* _TASK ITEM_:
Everything before the line containing "#607 = AXIS2_PLACEMENT_3D" stays out; print that line and all lines below it through the last, exactly.

* _SUPPLIED MATERIAL_:
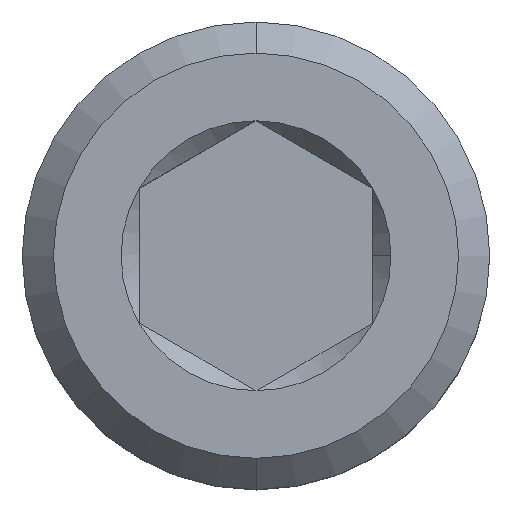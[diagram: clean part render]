
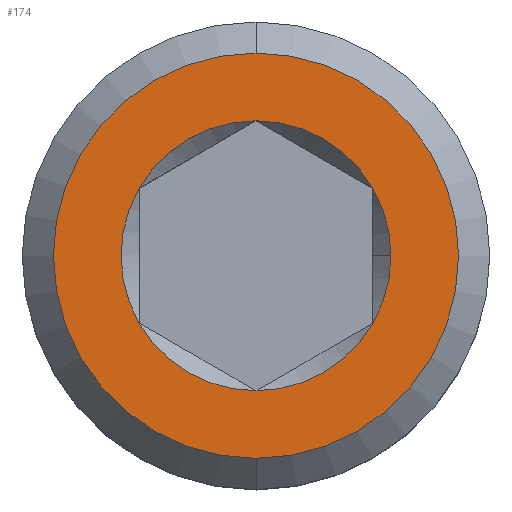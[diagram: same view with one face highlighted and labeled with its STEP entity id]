
A CAD part, top view. The second image highlights one B-rep face of the part: STEP entity #174.
In plain terms, the highlighted planar face has unit normal (0, 0, 1).
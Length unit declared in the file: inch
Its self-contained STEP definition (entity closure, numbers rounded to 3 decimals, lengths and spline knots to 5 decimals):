
#14 = DIRECTION ( 'NONE',  ( 0., 1., 0. ) ) ;
#29 = DIRECTION ( 'NONE',  ( 0., 0., 1. ) ) ;
#31 = ORIENTED_EDGE ( 'NONE', *, *, #507, .F. ) ;
#38 = DIRECTION ( 'NONE',  ( 0., 0., 1. ) ) ;
#40 = VERTEX_POINT ( 'NONE', #592 ) ;
#47 = AXIS2_PLACEMENT_3D ( 'NONE', #70, #320, #14 ) ;
#63 = AXIS2_PLACEMENT_3D ( 'NONE', #769, #824, #688 ) ;
#70 = CARTESIAN_POINT ( 'NONE',  ( 0., 0., 0.4375 ) ) ;
#81 = EDGE_CURVE ( 'NONE', #40, #410, #619, .T. ) ;
#85 = VERTEX_POINT ( 'NONE', #558 ) ;
#88 = EDGE_LOOP ( 'NONE', ( #593, #481, #771, #305, #564, #646, #559 ) ) ;
#93 = EDGE_CURVE ( 'NONE', #295, #226, #154, .T. ) ;
#94 = CARTESIAN_POINT ( 'NONE',  ( 0., 0.10825, 0.4375 ) ) ;
#95 = CARTESIAN_POINT ( 'NONE',  ( 0., 0., 0.4375 ) ) ;
#98 = AXIS2_PLACEMENT_3D ( 'NONE', #756, #630, #679 ) ;
#99 = CARTESIAN_POINT ( 'NONE',  ( 0., 0., 0.4375 ) ) ;
#107 = VERTEX_POINT ( 'NONE', #94 ) ;
#141 = CARTESIAN_POINT ( 'NONE',  ( 0.09375, 0.05413, 0.4375 ) ) ;
#154 = CIRCLE ( 'NONE', #664, 0.10825 ) ;
#166 = EDGE_CURVE ( 'NONE', #410, #85, #390, .T. ) ;
#167 = CARTESIAN_POINT ( 'NONE',  ( -0.09375, -0.05413, 0.4375 ) ) ;
#171 = AXIS2_PLACEMENT_3D ( 'NONE', #99, #38, #290 ) ;
#174 = ADVANCED_FACE ( 'NONE', ( #761, #485 ), #621, .T. ) ;
#223 = DIRECTION ( 'NONE',  ( 1., 0., 0. ) ) ;
#224 = EDGE_CURVE ( 'NONE', #510, #244, #511, .T. ) ;
#225 = DIRECTION ( 'NONE',  ( 0., 0., 1. ) ) ;
#226 = VERTEX_POINT ( 'NONE', #167 ) ;
#244 = VERTEX_POINT ( 'NONE', #248 ) ;
#248 = CARTESIAN_POINT ( 'NONE',  ( 0., -0.1625, 0.4375 ) ) ;
#283 = CARTESIAN_POINT ( 'NONE',  ( 0., 0., 0.4375 ) ) ;
#286 = DIRECTION ( 'NONE',  ( 0., 0., 1. ) ) ;
#290 = DIRECTION ( 'NONE',  ( 1., 0., 0. ) ) ;
#295 = VERTEX_POINT ( 'NONE', #367 ) ;
#305 = ORIENTED_EDGE ( 'NONE', *, *, #825, .F. ) ;
#310 = AXIS2_PLACEMENT_3D ( 'NONE', #409, #29, #617 ) ;
#320 = DIRECTION ( 'NONE',  ( 0., 0., -1. ) ) ;
#345 = DIRECTION ( 'NONE',  ( 1., 0., 0. ) ) ;
#349 = CIRCLE ( 'NONE', #63, 0.10825 ) ;
#350 = AXIS2_PLACEMENT_3D ( 'NONE', #95, #698, #223 ) ;
#367 = CARTESIAN_POINT ( 'NONE',  ( -0.09375, 0.05413, 0.4375 ) ) ;
#390 = CIRCLE ( 'NONE', #310, 0.10825 ) ;
#403 = CIRCLE ( 'NONE', #47, 0.1625 ) ;
#405 = ORIENTED_EDGE ( 'NONE', *, *, #224, .F. ) ;
#409 = CARTESIAN_POINT ( 'NONE',  ( 0., 0., 0.4375 ) ) ;
#410 = VERTEX_POINT ( 'NONE', #699 ) ;
#417 = DIRECTION ( 'NONE',  ( 0., 0., 1. ) ) ;
#472 = DIRECTION ( 'NONE',  ( 0., 0., 1. ) ) ;
#481 = ORIENTED_EDGE ( 'NONE', *, *, #575, .F. ) ;
#485 = FACE_OUTER_BOUND ( 'NONE', #737, .T. ) ;
#507 = EDGE_CURVE ( 'NONE', #244, #510, #403, .T. ) ;
#510 = VERTEX_POINT ( 'NONE', #586 ) ;
#511 = CIRCLE ( 'NONE', #98, 0.1625 ) ;
#537 = CIRCLE ( 'NONE', #171, 0.10825 ) ;
#538 = CIRCLE ( 'NONE', #722, 0.10825 ) ;
#540 = CARTESIAN_POINT ( 'NONE',  ( 0., 0., 0.4375 ) ) ;
#546 = CARTESIAN_POINT ( 'NONE',  ( 0., 0., 0.4375 ) ) ;
#548 = AXIS2_PLACEMENT_3D ( 'NONE', #540, #286, #345 ) ;
#558 = CARTESIAN_POINT ( 'NONE',  ( 0.10825, 0., 0.4375 ) ) ;
#559 = ORIENTED_EDGE ( 'NONE', *, *, #166, .F. ) ;
#564 = ORIENTED_EDGE ( 'NONE', *, *, #601, .F. ) ;
#575 = EDGE_CURVE ( 'NONE', #226, #40, #349, .T. ) ;
#586 = CARTESIAN_POINT ( 'NONE',  ( 0., 0.1625, 0.4375 ) ) ;
#592 = CARTESIAN_POINT ( 'NONE',  ( 0., -0.10825, 0.4375 ) ) ;
#593 = ORIENTED_EDGE ( 'NONE', *, *, #81, .F. ) ;
#601 = EDGE_CURVE ( 'NONE', #846, #107, #537, .T. ) ;
#607 = AXIS2_PLACEMENT_3D ( 'NONE', #283, #225, #682 ) ;
#617 = DIRECTION ( 'NONE',  ( 1., 0., 0. ) ) ;
#619 = CIRCLE ( 'NONE', #548, 0.10825 ) ;
#621 = PLANE ( 'NONE',  #607 ) ;
#628 = EDGE_CURVE ( 'NONE', #85, #846, #638, .T. ) ;
#630 = DIRECTION ( 'NONE',  ( 0., 0., -1. ) ) ;
#638 = CIRCLE ( 'NONE', #350, 0.10825 ) ;
#646 = ORIENTED_EDGE ( 'NONE', *, *, #628, .F. ) ;
#664 = AXIS2_PLACEMENT_3D ( 'NONE', #822, #417, #804 ) ;
#671 = DIRECTION ( 'NONE',  ( 1., 0., 0. ) ) ;
#679 = DIRECTION ( 'NONE',  ( 0., 1., 0. ) ) ;
#682 = DIRECTION ( 'NONE',  ( 0., -1., 0. ) ) ;
#688 = DIRECTION ( 'NONE',  ( 1., 0., 0. ) ) ;
#698 = DIRECTION ( 'NONE',  ( 0., 0., 1. ) ) ;
#699 = CARTESIAN_POINT ( 'NONE',  ( 0.09375, -0.05413, 0.4375 ) ) ;
#722 = AXIS2_PLACEMENT_3D ( 'NONE', #546, #472, #671 ) ;
#737 = EDGE_LOOP ( 'NONE', ( #405, #31 ) ) ;
#756 = CARTESIAN_POINT ( 'NONE',  ( 0., 0., 0.4375 ) ) ;
#761 = FACE_BOUND ( 'NONE', #88, .T. ) ;
#769 = CARTESIAN_POINT ( 'NONE',  ( 0., 0., 0.4375 ) ) ;
#771 = ORIENTED_EDGE ( 'NONE', *, *, #93, .F. ) ;
#804 = DIRECTION ( 'NONE',  ( 1., 0., 0. ) ) ;
#822 = CARTESIAN_POINT ( 'NONE',  ( 0., 0., 0.4375 ) ) ;
#824 = DIRECTION ( 'NONE',  ( 0., 0., 1. ) ) ;
#825 = EDGE_CURVE ( 'NONE', #107, #295, #538, .T. ) ;
#846 = VERTEX_POINT ( 'NONE', #141 ) ;

* _EXERCISE RESULT_:
#607 = AXIS2_PLACEMENT_3D ( 'NONE', #283, #225, #682 ) ;
#617 = DIRECTION ( 'NONE',  ( 1., 0., 0. ) ) ;
#619 = CIRCLE ( 'NONE', #548, 0.10825 ) ;
#621 = PLANE ( 'NONE',  #607 ) ;
#628 = EDGE_CURVE ( 'NONE', #85, #846, #638, .T. ) ;
#630 = DIRECTION ( 'NONE',  ( 0., 0., -1. ) ) ;
#638 = CIRCLE ( 'NONE', #350, 0.10825 ) ;
#646 = ORIENTED_EDGE ( 'NONE', *, *, #628, .F. ) ;
#664 = AXIS2_PLACEMENT_3D ( 'NONE', #822, #417, #804 ) ;
#671 = DIRECTION ( 'NONE',  ( 1., 0., 0. ) ) ;
#679 = DIRECTION ( 'NONE',  ( 0., 1., 0. ) ) ;
#682 = DIRECTION ( 'NONE',  ( 0., -1., 0. ) ) ;
#688 = DIRECTION ( 'NONE',  ( 1., 0., 0. ) ) ;
#698 = DIRECTION ( 'NONE',  ( 0., 0., 1. ) ) ;
#699 = CARTESIAN_POINT ( 'NONE',  ( 0.09375, -0.05413, 0.4375 ) ) ;
#722 = AXIS2_PLACEMENT_3D ( 'NONE', #546, #472, #671 ) ;
#737 = EDGE_LOOP ( 'NONE', ( #405, #31 ) ) ;
#756 = CARTESIAN_POINT ( 'NONE',  ( 0., 0., 0.4375 ) ) ;
#761 = FACE_BOUND ( 'NONE', #88, .T. ) ;
#769 = CARTESIAN_POINT ( 'NONE',  ( 0., 0., 0.4375 ) ) ;
#771 = ORIENTED_EDGE ( 'NONE', *, *, #93, .F. ) ;
#804 = DIRECTION ( 'NONE',  ( 1., 0., 0. ) ) ;
#822 = CARTESIAN_POINT ( 'NONE',  ( 0., 0., 0.4375 ) ) ;
#824 = DIRECTION ( 'NONE',  ( 0., 0., 1. ) ) ;
#825 = EDGE_CURVE ( 'NONE', #107, #295, #538, .T. ) ;
#846 = VERTEX_POINT ( 'NONE', #141 ) ;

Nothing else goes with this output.